By Brittany PolitoiBerkshires Staff

PITTSFIELD, Mass. — The Community Development Board has supported plans for a new hangar at the airport and a change to the cannabis ordinance.

Lyon Aviation, located in the Pittsfield Municipal Airport, plans to remove an existing "T" style hangar and replace it with a new, 22,000-square-foot hangar.  The existing one is said to be small and in poor condition while the new build will accommodate a variety of plane sizes including a larger passenger jet.

"There's no traffic impacts, there's no utilities to speak of," Robert Fournier of SK Design Group explained.

"I'll say that we did review this at length with the airport commission in the city council and this is the way we were instructed to proceed was filing this site plan review and special permit application."

The application states that the need for additional hangar space is "well documented" by Lyon, Airport Manager Daniel Shearer, and the airport's 2020 master plan.
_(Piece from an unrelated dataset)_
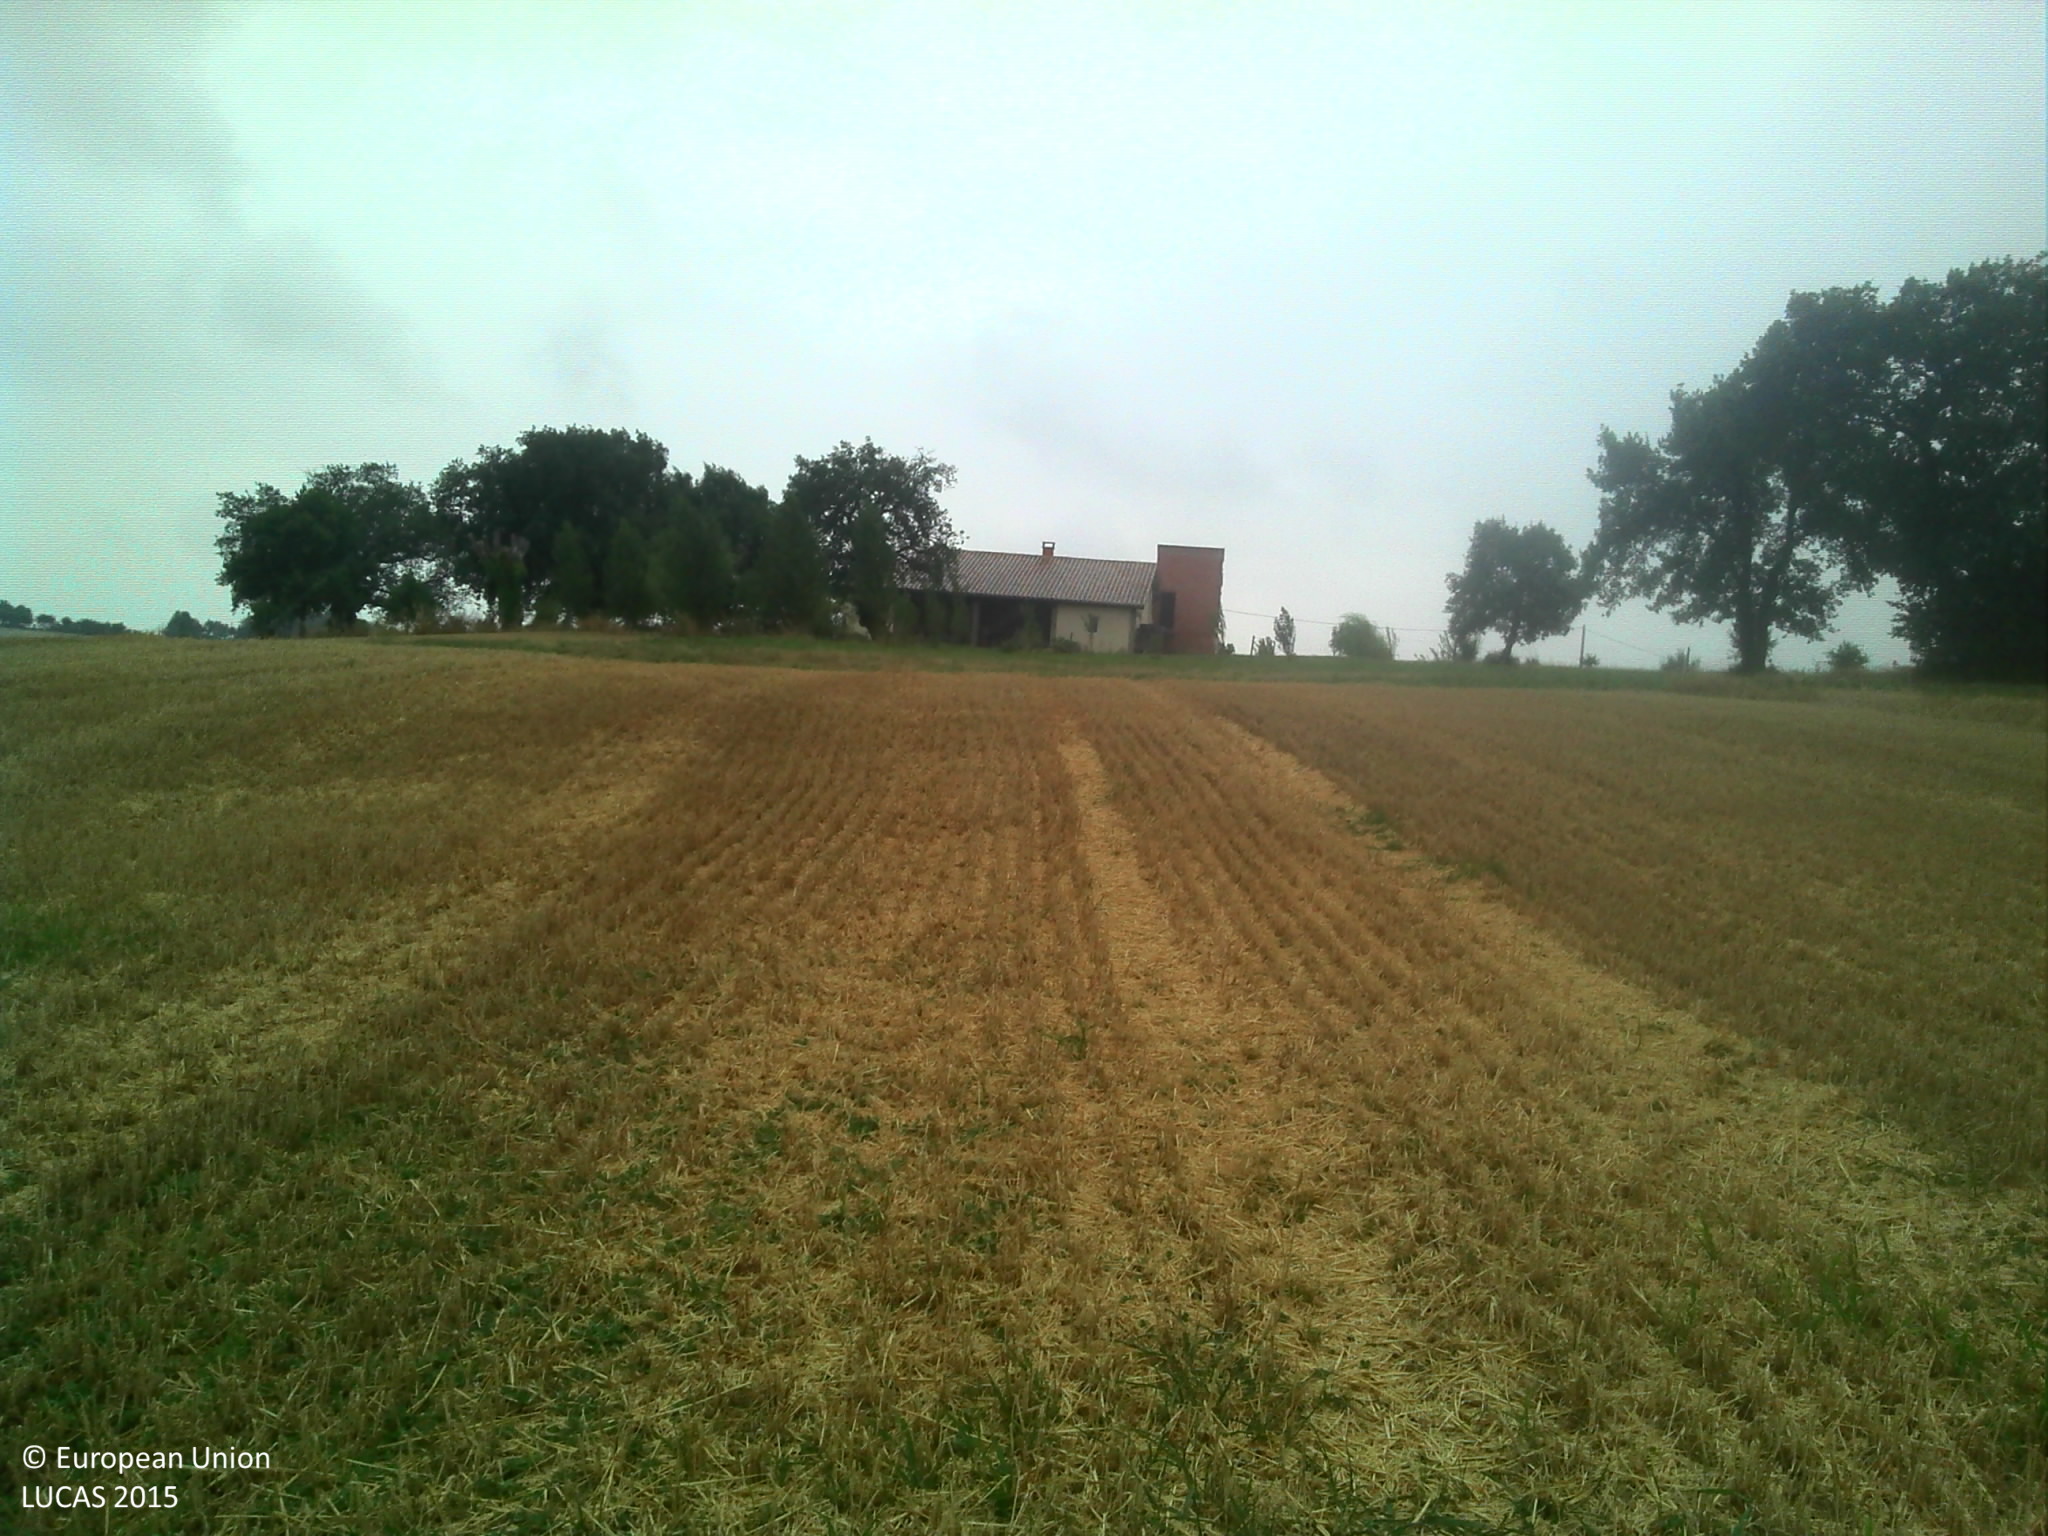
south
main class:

The plan predicts that 15 additional hangar spaces will be needed by 2039 and this project can accommodate up to 10 smaller planes or a single large aircraft.

Lyon Aviation was founded in 1982 as a fuel-based operator that provided fuel, maintenance, hangar services, charter, and flight instruction.

This is not the only project at the Tamarack Road airport, as the City Council recently approved a $300,000 borrowing for the construction of a new taxi lane. This will cover the costs of an engineering phase and will be reduced by federal and state grant monies that have been awarded to the airport.

The local share required is $15,000, with 95 percent covered by the Federal Aviation Administration.